When Babies Born Less Than A Year Ago Are Diagnosed With Life-threatening Cancer, It Is Undoubtedly A Bolt From The Blue For The Whole Family. But It Is Puzzling That Some Of These Children's Symptoms Will Change Miraculously: Without Treatment, Their Tumors Will Disappear By Themselves.
These Children Are Suffering From A Very Dangerous And Common Tumor - Neuroblastoma. This Is The Most Common Extracranial Solid Tumor In Infants And Young Children. Neuroblastoma Accounts For 15% Of Infant Cases Caused By Cancer.
The Origin Of These Tumors Can Be Traced Back To Embryonic Development And Formed In Undifferentiated Sympathetic Ganglion Cells. Therefore, Neuroblastoma May Occur In The Adrenal Gland, Spine, Neck, Chest And Abdomen Where There Are Sympathetic Ganglia. Subsequently, The Tumor Can Metastasize To Multiple Parts Of The Body And Develop Resistance To Chemotherapy.
▲ Aggressive Neuroblastoma Cells Gather In The Tissue (image Source: Reference [2 ]; Credit: Frank Westermann / DKFZ)
The Result Is That For A Considerable Number Of High-risk Neuroblastoma Children, Even If They Receive High-intensity Treatment, It Is Difficult To Effectively Control The Tumor For A Long Time. Many Children Were Killed By Cancer Before They Could Feel The Beauty Of The World.

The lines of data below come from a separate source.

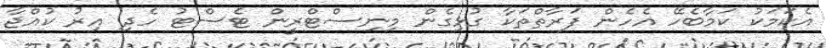
އެކަމަކު ކަމާބެހޭ އެހެން ފަރާތްތަކާ ގުޅިގެން މިނިސްޓްރީން ޓެސްޓު ހެދި އިރު ކުއްޖާ
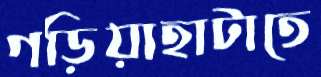
গড়িয়াহাটাতে
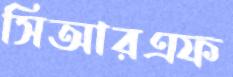
সিআরএফ
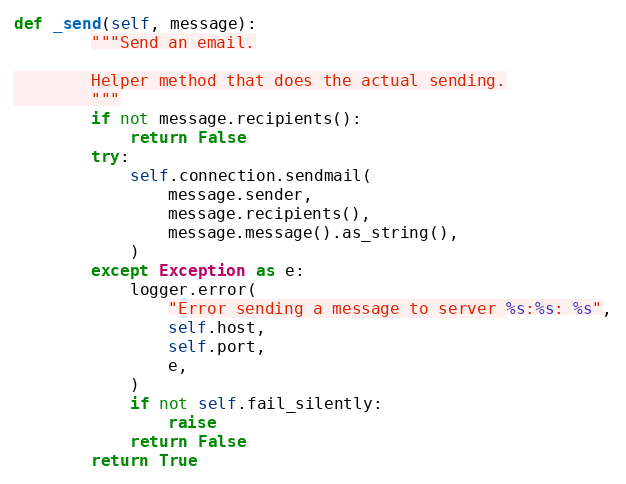
Language: Python
def _send(self, message):
        """Send an email.

        Helper method that does the actual sending.
        """
        if not message.recipients():
            return False
        try:
            self.connection.sendmail(
                message.sender,
                message.recipients(),
                message.message().as_string(),
            )
        except Exception as e:
            logger.error(
                "Error sending a message to server %s:%s: %s",
                self.host,
                self.port,
                e,
            )
            if not self.fail_silently:
                raise
            return False
        return True
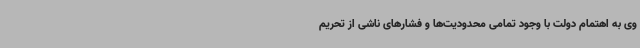
وی به اهتمام دولت با وجود تمامی محدودیت‌ها و فشارهای ناشی از تحریم
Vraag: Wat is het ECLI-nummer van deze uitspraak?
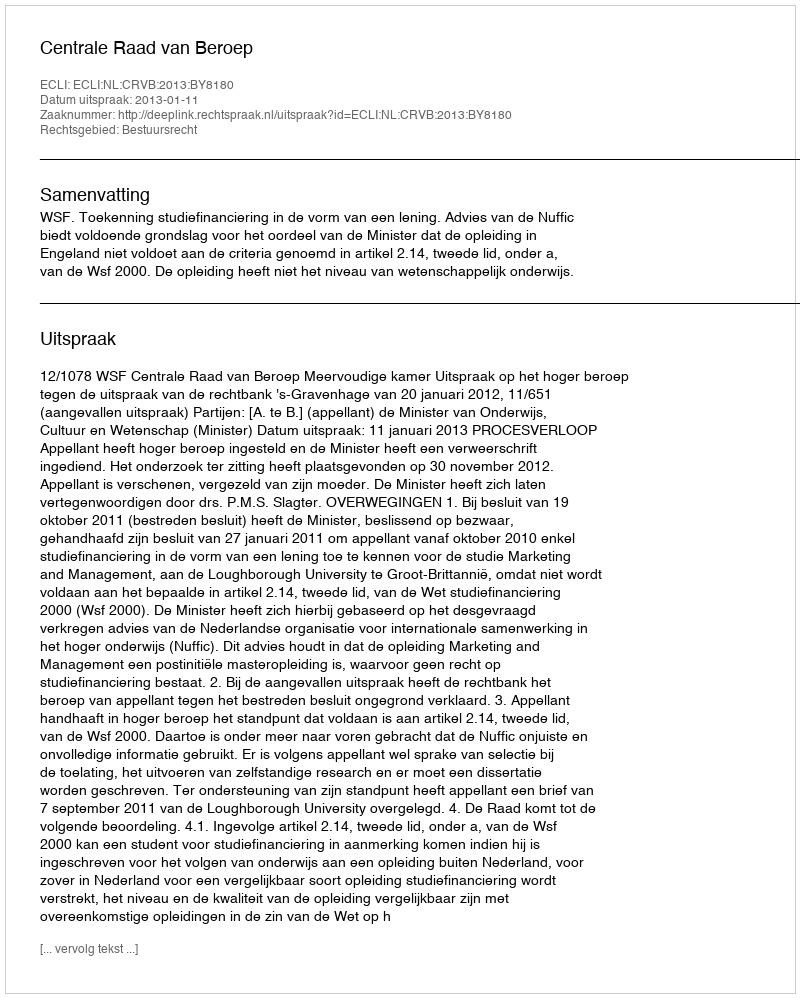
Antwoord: ECLI:NL:CRVB:2013:BY8180
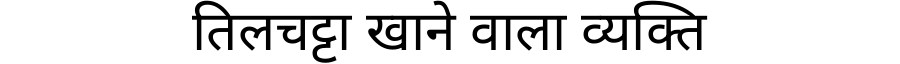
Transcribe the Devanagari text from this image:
तिलचट्टा खाने वाला व्यक्ति
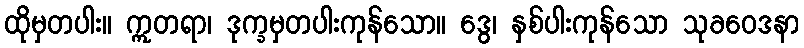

However, In Children With Neuroblastoma, There Are A Small Number Of Lucky Children. Even If They Do Not Receive Any Treatment, The Tumor Will Disappear By Itself. Why Is Neuroblastoma So Different In Different Children?
In A Study Published In Nature Cancer, Scientists From Institutions Such As The German Cancer Research Center (DKFZ) Challenged The Problem. They Found That The Loss Of An Amino Acid May Explain The Disappearance Of Cancer Cells In These Children.
This Discovery Starts With MYCN Gene, A Member Of Oncogene Family That Has Attracted Much Attention Recently. Recent Studies Have Pointed Out That As A Regulatory Factor In The Direction Of Disease Development, MYCN Gene Determines Whether Precursor Cells Will Develop Into Mature Nerve Cells Or Malignant Neuroblastoma.
The Genome Of Malignant Neuroblastoma Carries Hundreds Of Active Copies Of MYCN Gene. Its High Activity Leads To A Significant Change In Cancer Cell Metabolism. But The Question Is, What Benefits Does This Gene Bring To Cancer Cells? If The Action Process Of MYCN Gene Can Be Terminated, Can The Process Of Cancer Be Stopped?
Based On This Idea, The Research Team Studied The Role Of MYCN Gene In Neuroblastoma. They Found That MYCN Highly Active Neuroblastoma Cells Have An Exceptionally Strong Demand For Cysteine.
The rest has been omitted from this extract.